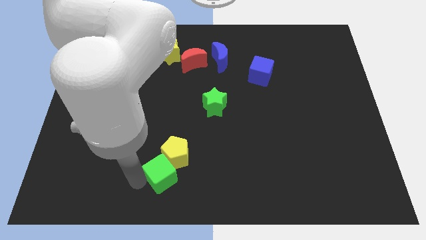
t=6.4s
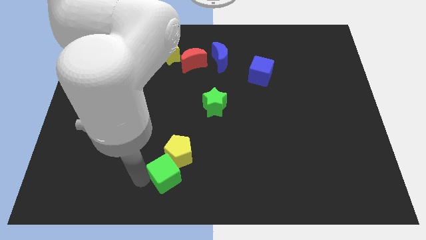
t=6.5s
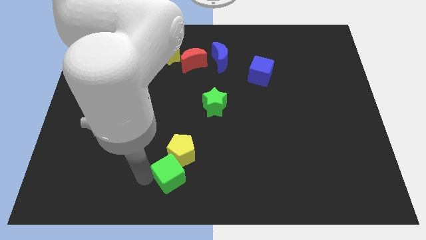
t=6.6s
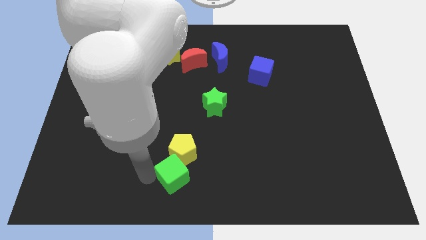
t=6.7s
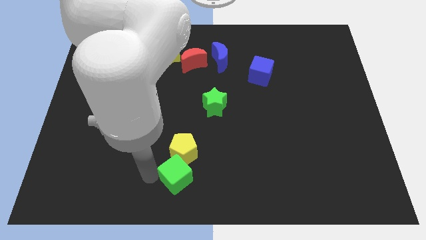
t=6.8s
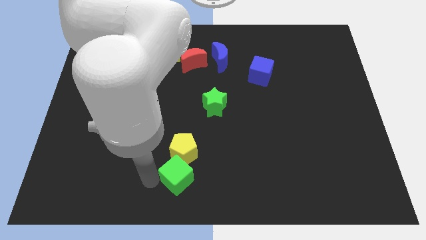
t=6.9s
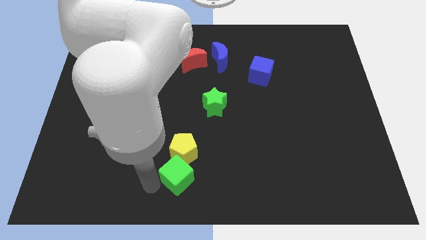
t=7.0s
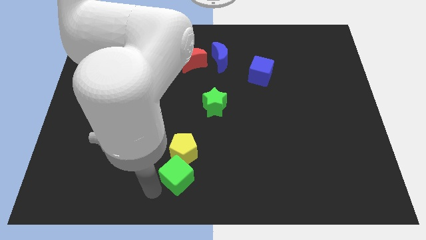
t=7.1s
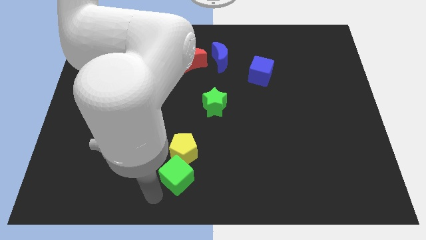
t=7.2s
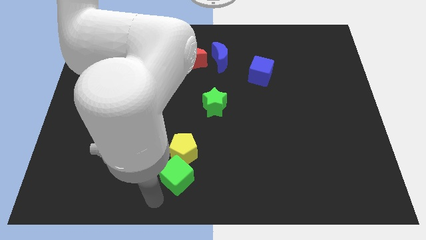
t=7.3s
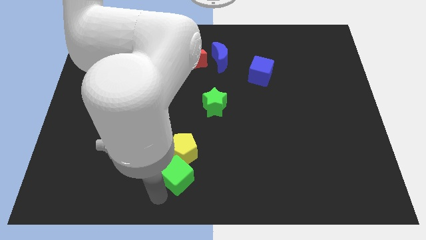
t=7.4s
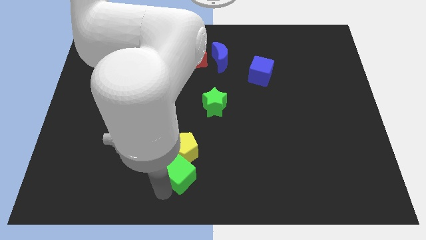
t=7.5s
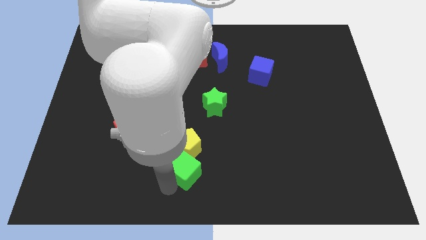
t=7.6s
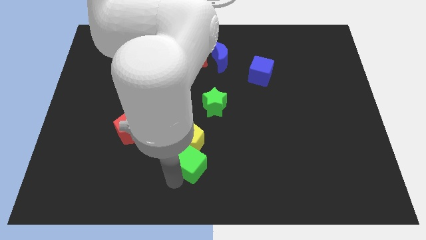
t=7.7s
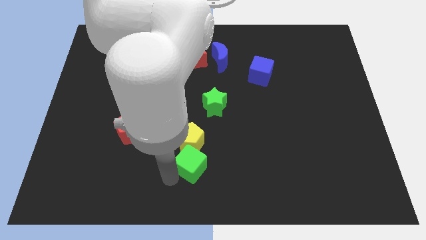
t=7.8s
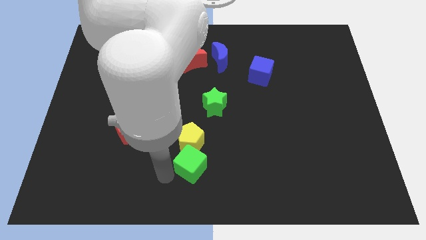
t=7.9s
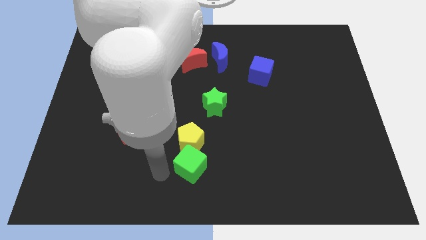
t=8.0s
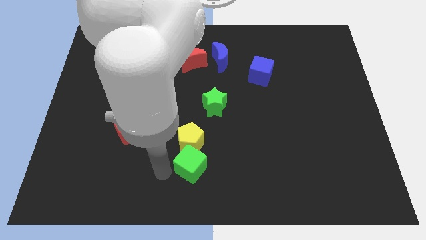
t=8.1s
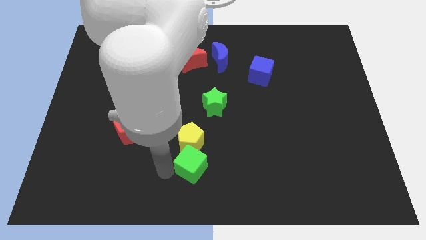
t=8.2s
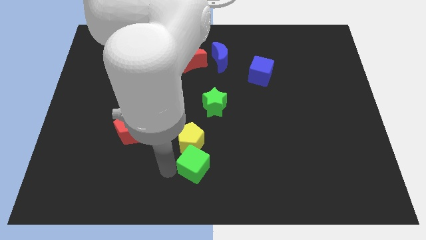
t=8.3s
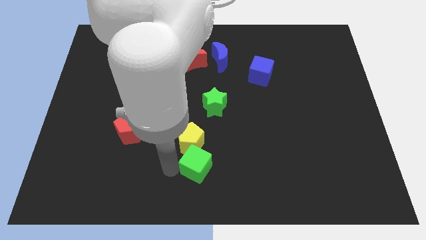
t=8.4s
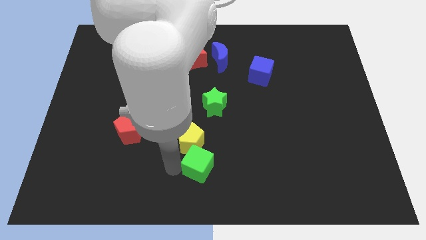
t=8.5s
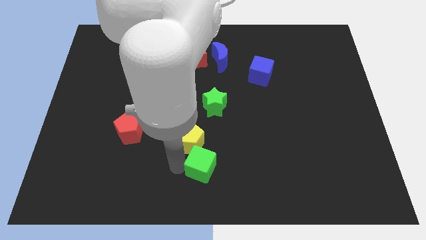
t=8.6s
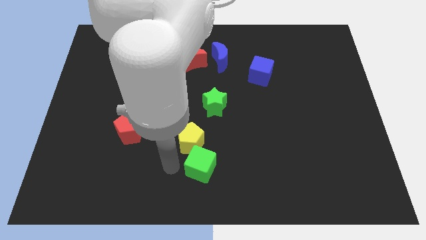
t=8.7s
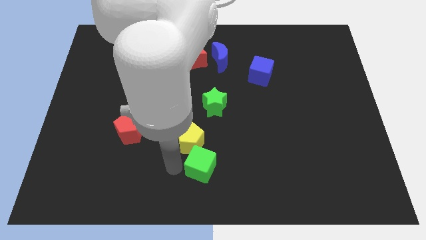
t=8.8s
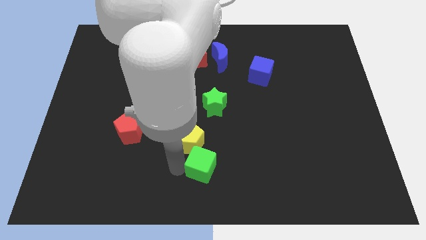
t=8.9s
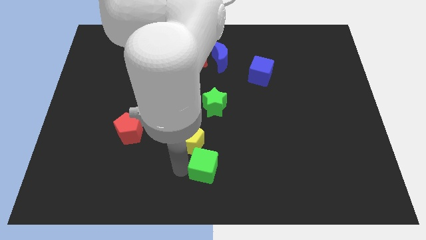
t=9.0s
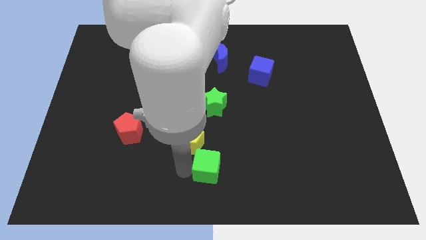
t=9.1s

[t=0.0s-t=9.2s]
---------------
• [Your objective]
In your copy of the records, include no pictures; repeat everything else exactly.

• [Response]
t=6.4s
t=6.5s
t=6.6s
t=6.7s
t=6.8s
t=6.9s
t=7.0s
t=7.1s
t=7.2s
t=7.3s
t=7.4s
t=7.5s
t=7.6s
t=7.7s
t=7.8s
t=7.9s
t=8.0s
t=8.1s
t=8.2s
t=8.3s
t=8.4s
t=8.5s
t=8.6s
t=8.7s
t=8.8s
t=8.9s
t=9.0s
t=9.1s

[t=0.0s-t=9.2s]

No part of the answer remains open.